*Task requirements*
Please return every line in the entries below with the word "serif" in it.

*Materials provided*
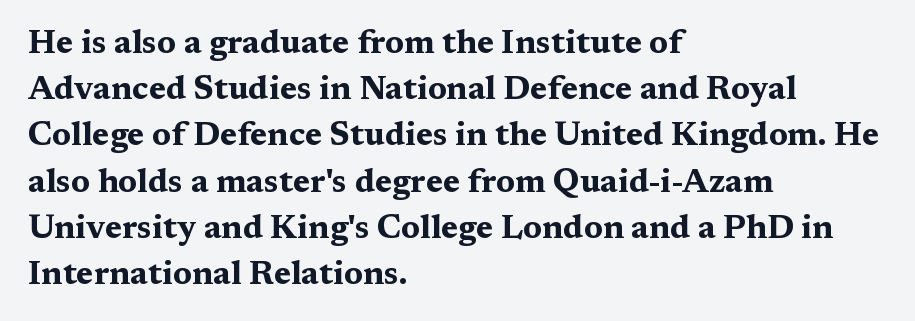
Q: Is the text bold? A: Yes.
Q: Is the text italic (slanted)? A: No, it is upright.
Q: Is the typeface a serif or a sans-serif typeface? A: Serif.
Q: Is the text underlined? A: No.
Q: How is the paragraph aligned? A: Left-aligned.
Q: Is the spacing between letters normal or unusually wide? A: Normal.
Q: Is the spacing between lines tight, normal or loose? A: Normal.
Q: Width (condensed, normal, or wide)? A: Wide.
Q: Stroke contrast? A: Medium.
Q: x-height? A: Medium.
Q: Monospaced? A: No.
---
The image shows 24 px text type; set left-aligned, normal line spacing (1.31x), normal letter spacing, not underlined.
---
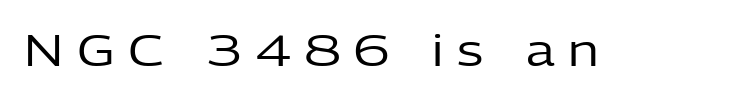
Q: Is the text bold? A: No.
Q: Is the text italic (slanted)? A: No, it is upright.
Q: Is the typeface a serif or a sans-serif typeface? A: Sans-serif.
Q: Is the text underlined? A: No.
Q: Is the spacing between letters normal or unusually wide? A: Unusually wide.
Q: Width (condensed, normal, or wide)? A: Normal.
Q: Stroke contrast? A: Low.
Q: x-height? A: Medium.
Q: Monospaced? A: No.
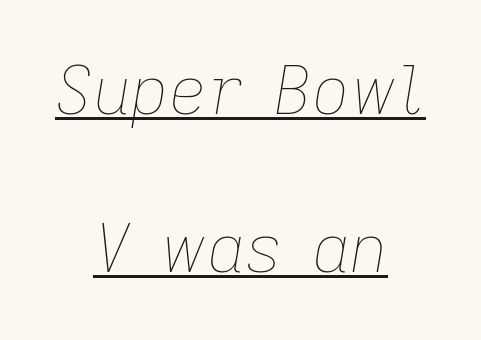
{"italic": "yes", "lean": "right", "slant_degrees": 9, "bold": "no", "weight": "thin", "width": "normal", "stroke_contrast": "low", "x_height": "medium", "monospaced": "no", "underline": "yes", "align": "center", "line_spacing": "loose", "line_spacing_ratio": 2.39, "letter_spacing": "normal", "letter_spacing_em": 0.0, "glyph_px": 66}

*Answer box*
Q: Is the typeface a serif or a sans-serif typeface? A: Serif.
Q: Is the typeface a serif or a sans-serif typeface? A: Sans-serif.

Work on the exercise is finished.